I don't think there are many cases of fibrosis due to LSD use. Not least documented ones. Again, I'm really not into the fear mongering about ergolines and fibrosis, not at the doses and half life of LSD (a couple hours), whereas the receptor docking on the important targets in the CNS is much longer and important than in platelets.

I expect Nichols to be very reserved about what we actually know about this, what conjecture is reasonable, and about the safety of taking a drug like this daily.

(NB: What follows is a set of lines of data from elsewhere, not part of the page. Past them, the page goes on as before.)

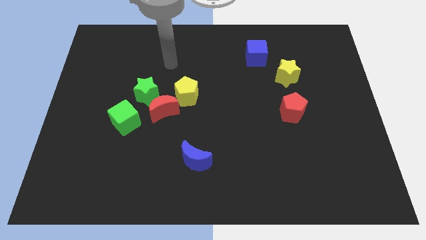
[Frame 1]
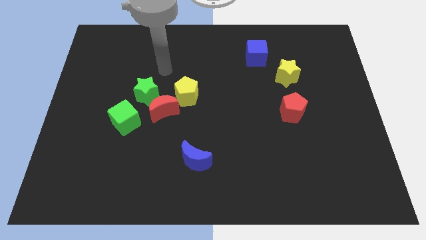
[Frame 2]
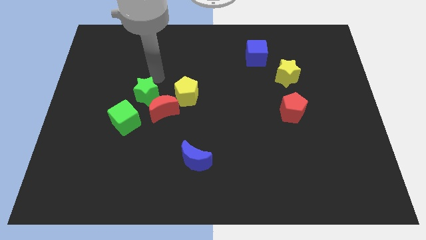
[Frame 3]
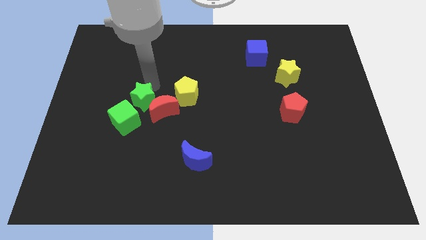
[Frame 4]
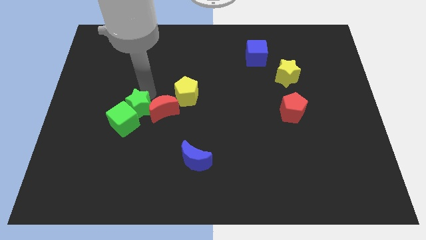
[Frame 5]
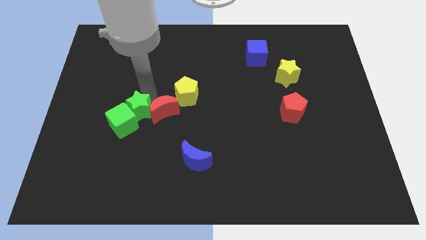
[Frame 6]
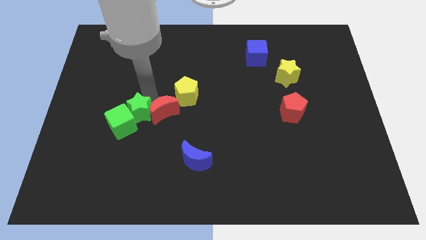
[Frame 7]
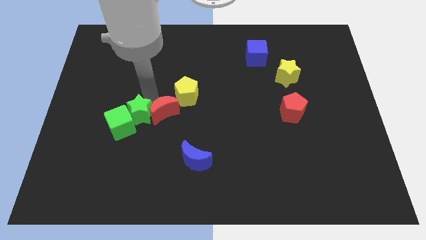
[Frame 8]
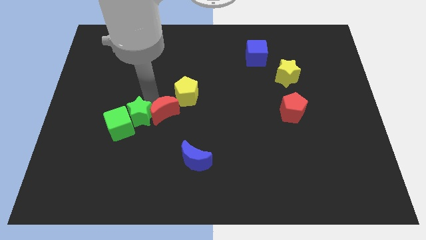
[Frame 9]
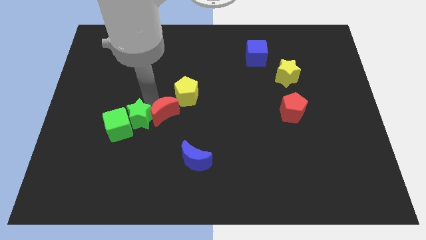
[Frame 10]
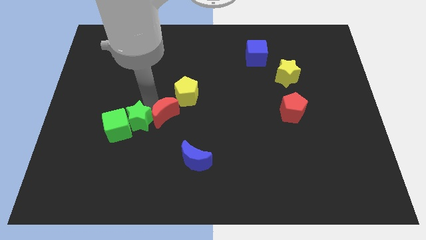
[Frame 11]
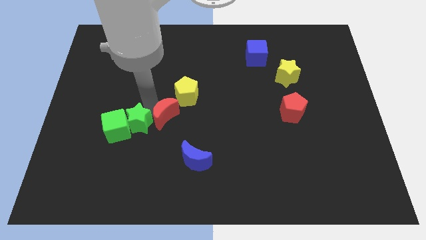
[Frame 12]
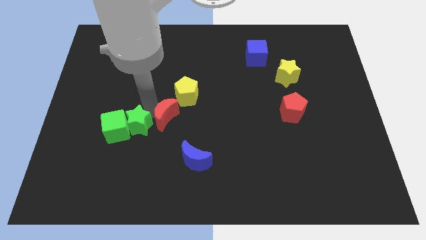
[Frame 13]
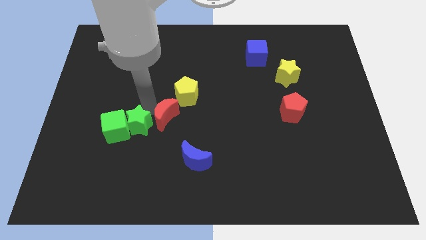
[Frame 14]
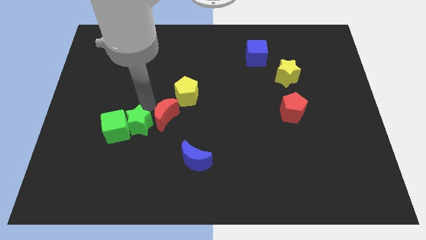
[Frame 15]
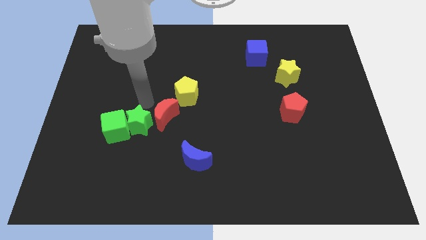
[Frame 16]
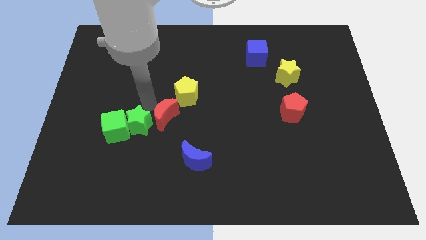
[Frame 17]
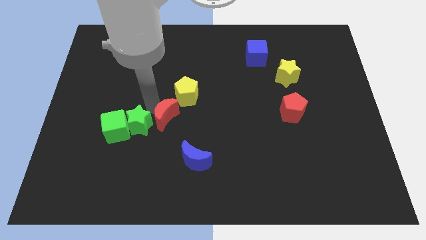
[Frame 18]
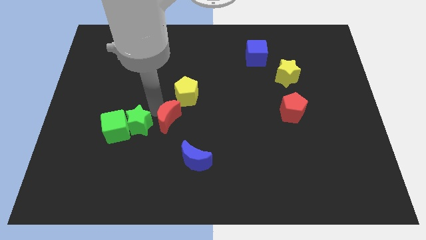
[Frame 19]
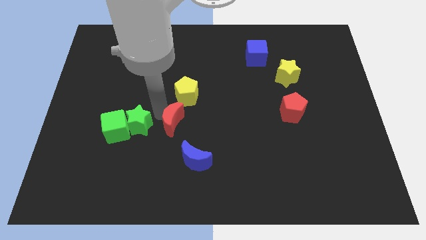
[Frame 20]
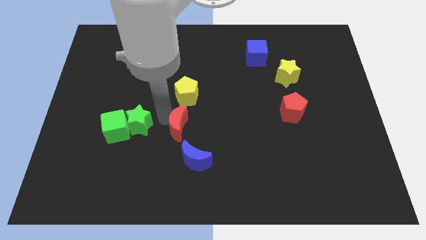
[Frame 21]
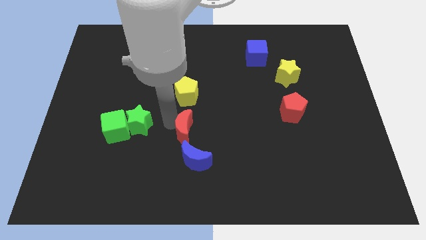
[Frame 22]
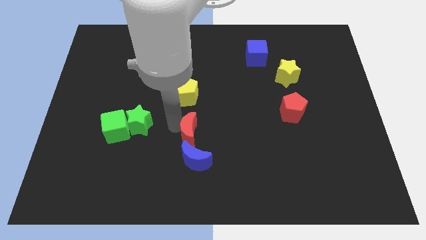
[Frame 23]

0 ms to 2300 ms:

I think he has a lot of faith in the safety of LSD in contrast to NBOMe's and other partial agonists. The literature on LSD is extensive, and there's still a lot of research out there from the military that hasn't been released; but, also hasn't provided evidence that LSD is as toxic or dangerous as people may think.

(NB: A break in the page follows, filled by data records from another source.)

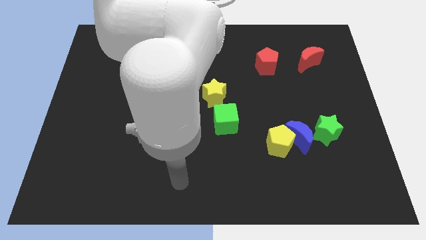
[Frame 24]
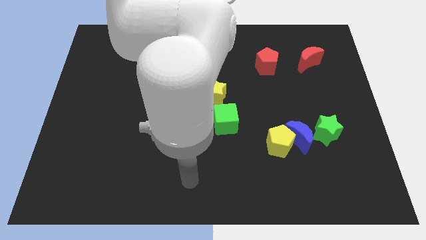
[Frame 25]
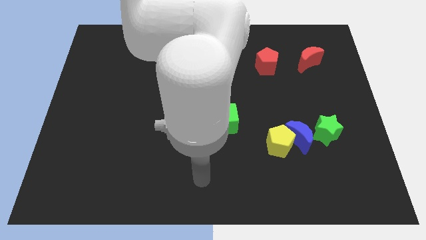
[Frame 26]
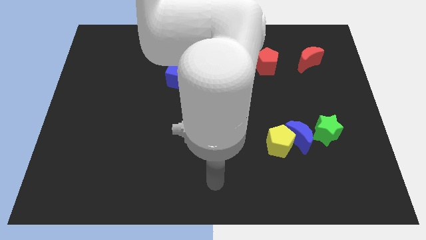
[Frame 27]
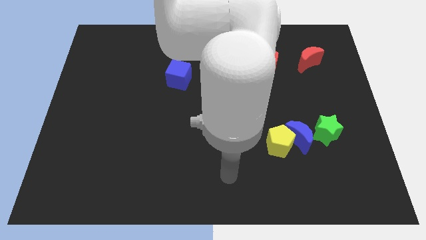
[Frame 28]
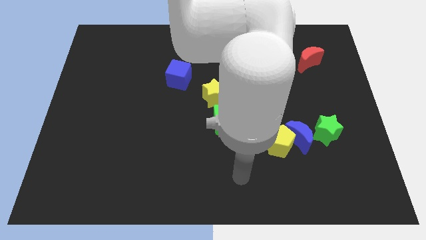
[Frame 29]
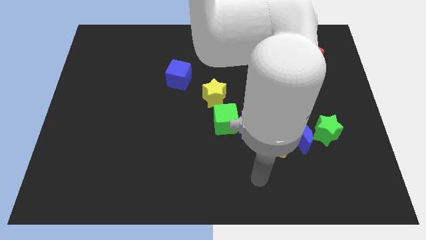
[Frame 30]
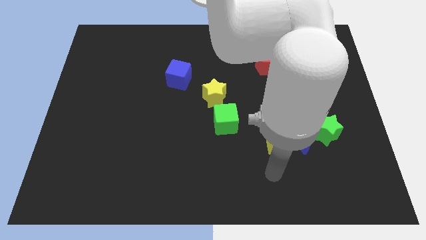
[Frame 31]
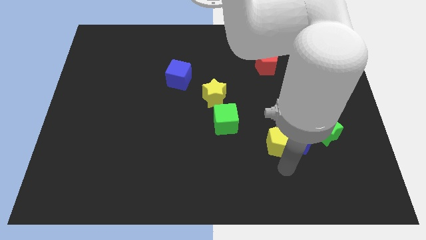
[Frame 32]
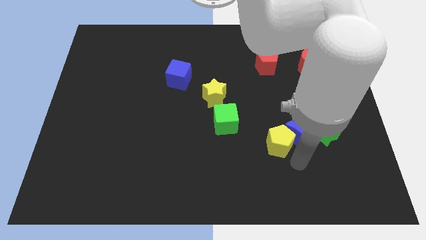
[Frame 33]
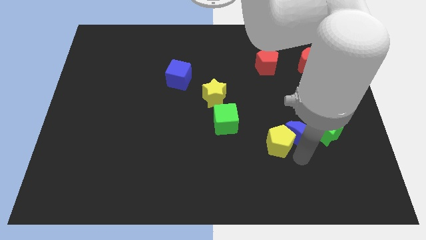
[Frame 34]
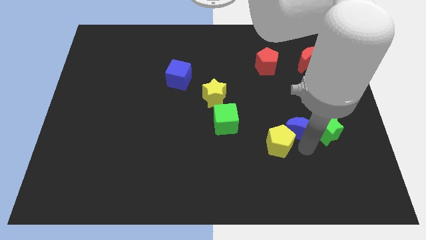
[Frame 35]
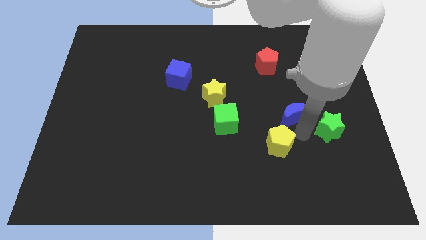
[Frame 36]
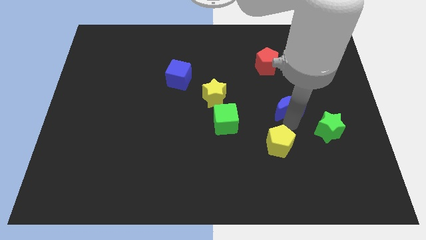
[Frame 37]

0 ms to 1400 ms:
move the yellow pentagon away from the blue moon

Partial agonist does not mean low efficacy - just lower than the endogenous ligand - serotonin - itself, which is setting the bar high. IIRC it is fairly effective on 2B and perhaps more importantly: it snags onto the receptor and binds for an extremely long time (like on 2A) which is unusual - I mean: what do we know about what that long-term activation means for the downstream effects? - and not something you want to do every day at full dosage, or mitigate casually. I am not an expert on physiology but if fibrosis is about the chronic development of tissue, it seems that you do not chronically want a significantly acting agonist nor antagonist influencing it.

There's also higher partial agonism on 5-HTA1, which is probably even more imporatnt and beneficial for a multitude of disorders. There's a complex interaction between 5-HT2A and 5-HTA1 receptors that cause reciprocation of the effects. Downstream effects of 5-HT2A activation affects the following receptors: https://en.wikipedia.org/wiki/5-HT2A_receptor#Distribution

Furthermore, I don't see what's wrong with killing 2 birds with one stone here. 5-HT2A agonism or partial agonism is known to reduce rather significantly depression and anxiety, which are comorbid with ADHD.